▸ Task to complete
Your answer should be each line of the entries that contains the word "path", copied in full.

[Opening Supplied records section]

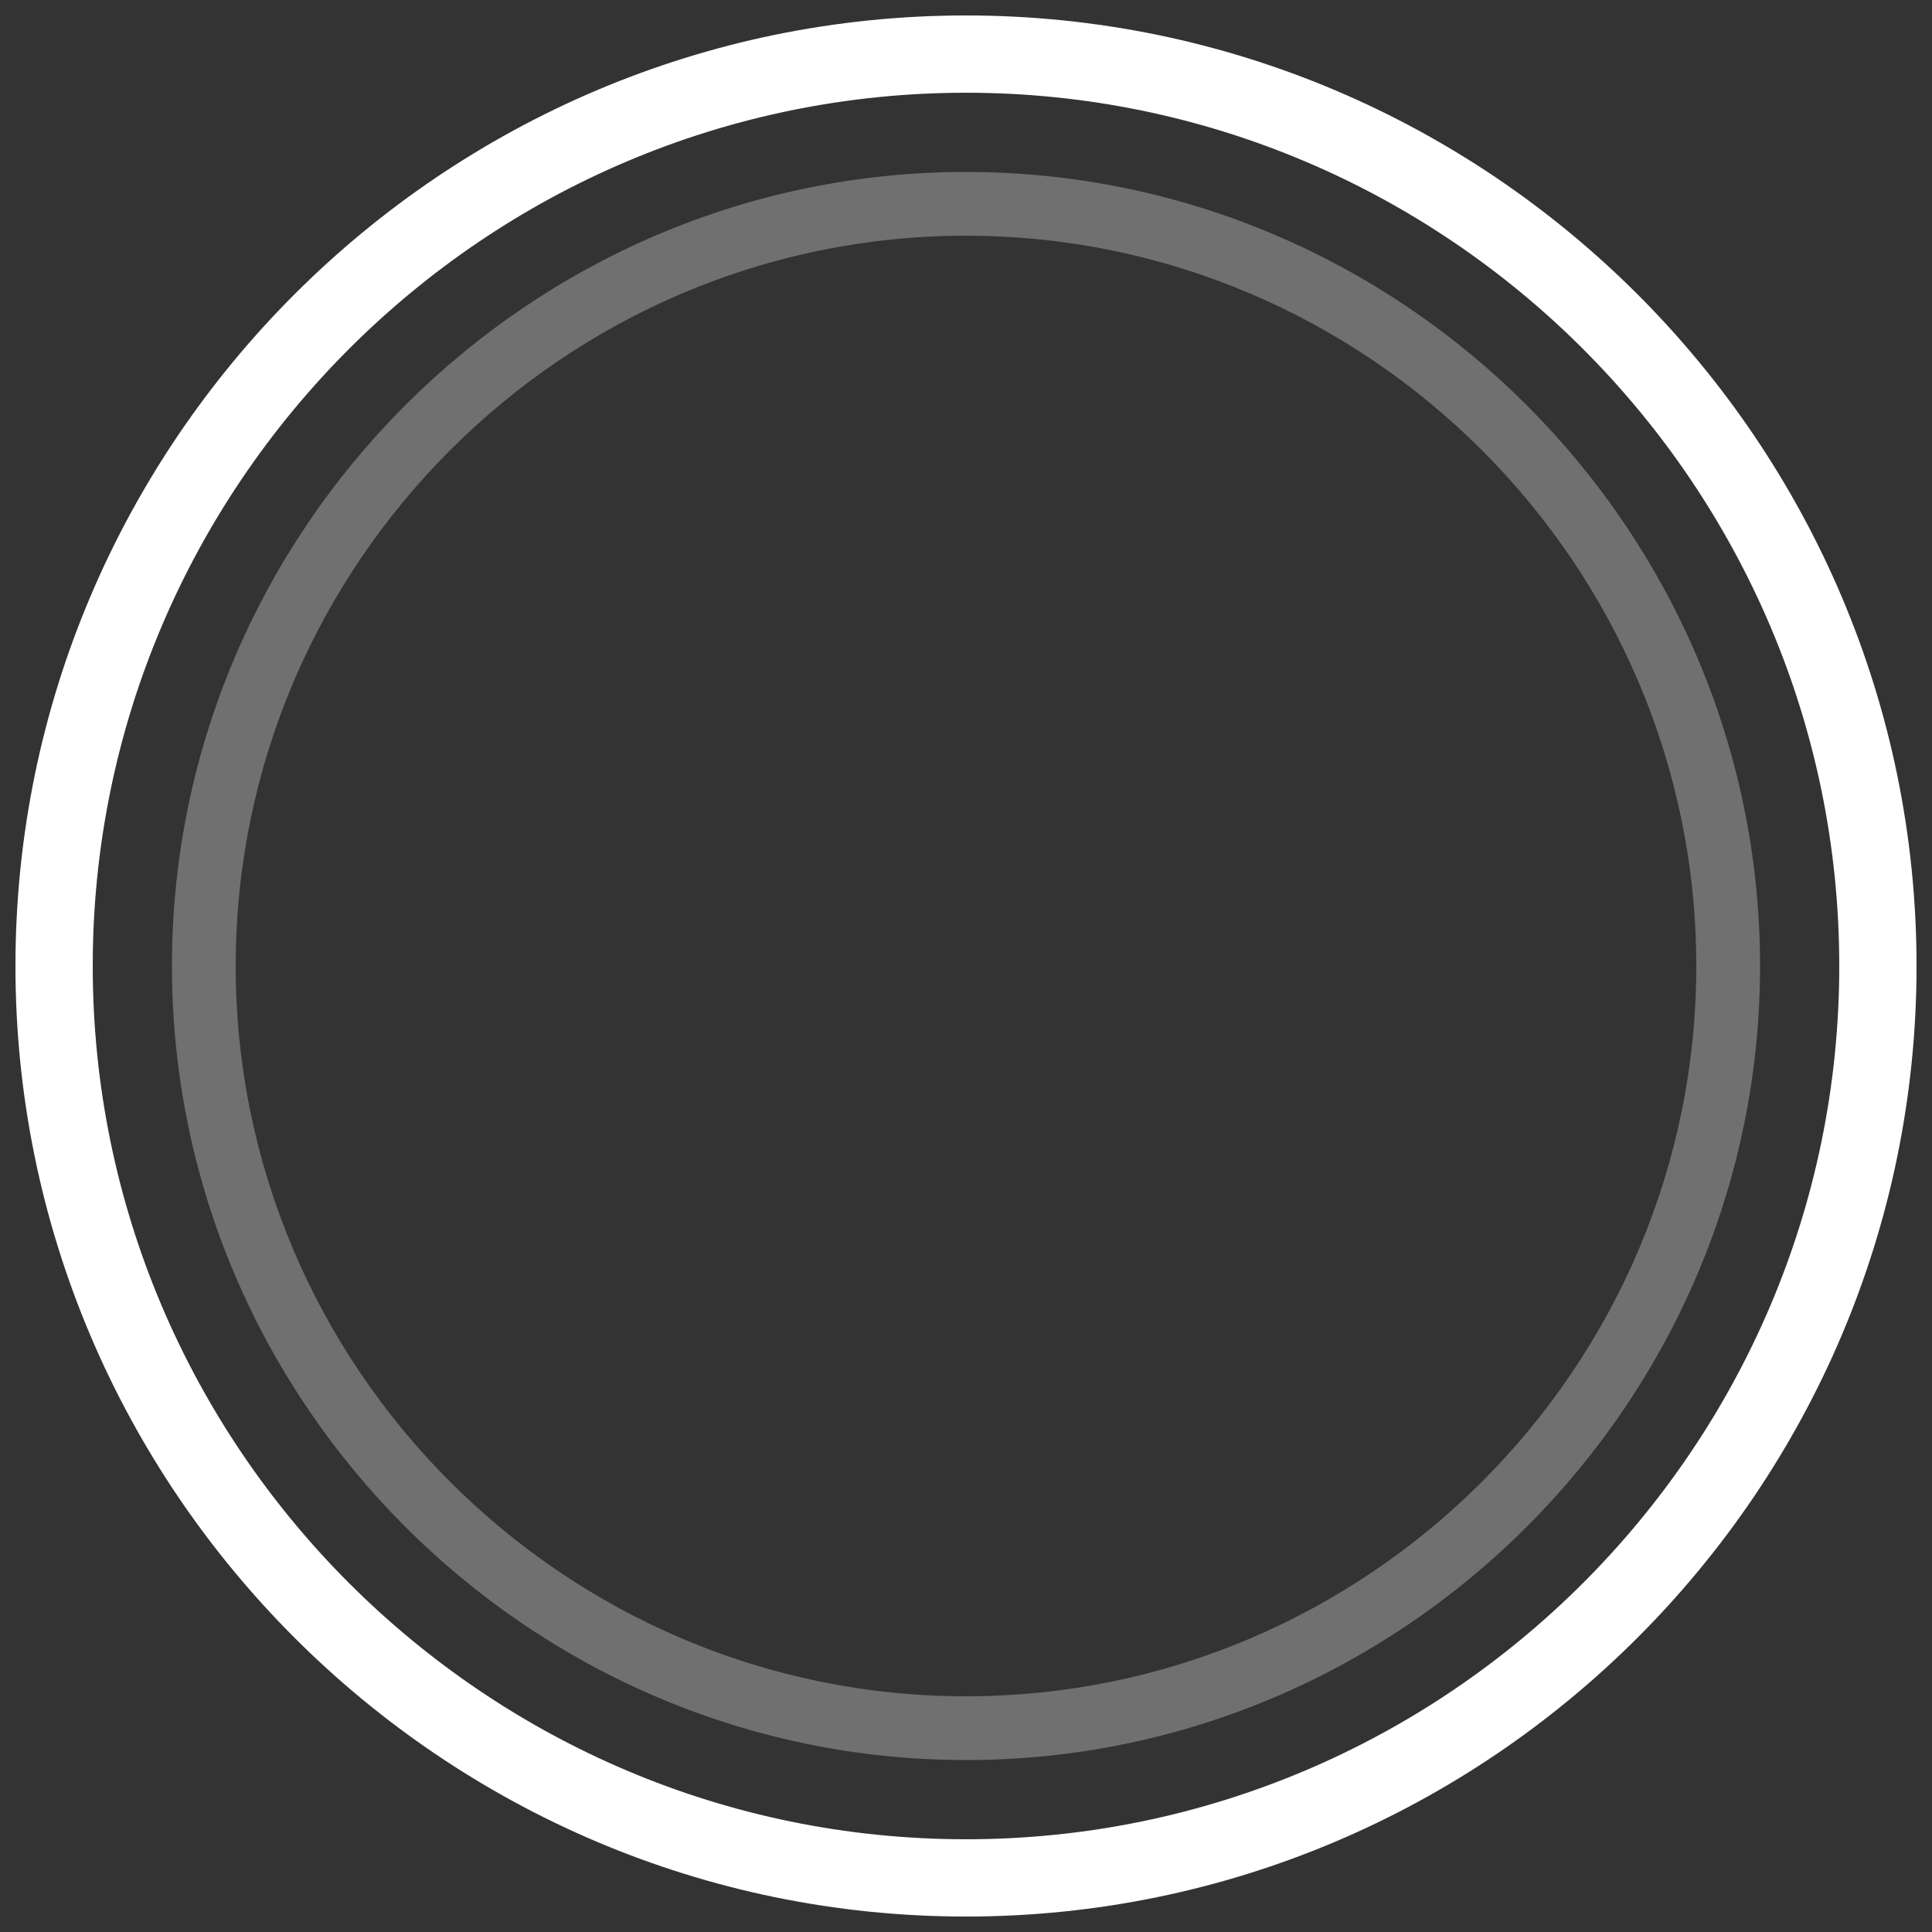 <?xml version="1.0" encoding="utf-8"?>
<!-- Generator: Adobe Illustrator 27.7.0, SVG Export Plug-In . SVG Version: 6.00 Build 0)  -->
<svg version="1.1" id="Layer_1" xmlns="http://www.w3.org/2000/svg" xmlns:xlink="http://www.w3.org/1999/xlink" x="0px" y="0px"
	 viewBox="0 0 100 100" enable-background="new 0 0 100 100" xml:space="preserve">
<rect x="0" y="0" width="100" height="100" fill="#333333" stroke="none"/>
<path fill="#FFFFFF" d="M50,99.2C22.9,99.2,0.8,77.1,0.8,50S22.9,0.8,50,0.8S99.2,22.9,99.2,50S77.1,99.2,50,99.2z M50,4.8
	C25.1,4.8,4.8,25.1,4.8,50S25.1,95.2,50,95.2S95.2,74.9,95.2,50S74.9,4.8,50,4.8z"/>
<path opacity="0.3" fill="#FFFFFF" d="M50,91.1C27.4,91.1,8.9,72.6,8.9,50S27.4,8.9,50,8.9S91.1,27.4,91.1,50S72.6,91.1,50,91.1z
	 M50,12.2c-20.8,0-37.8,17-37.8,37.8s17,37.8,37.8,37.8s37.8-17,37.8-37.8S70.8,12.2,50,12.2z"/>
</svg>

[Closing Supplied records section]

▸ Written answer
<path fill="#FFFFFF" d="M50,99.2C22.9,99.2,0.8,77.1,0.8,50S22.9,0.8,50,0.8S99.2,22.9,99.2,50S77.1,99.2,50,99.2z M50,4.8
<path opacity="0.3" fill="#FFFFFF" d="M50,91.1C27.4,91.1,8.9,72.6,8.9,50S27.4,8.9,50,8.9S91.1,27.4,91.1,50S72.6,91.1,50,91.1z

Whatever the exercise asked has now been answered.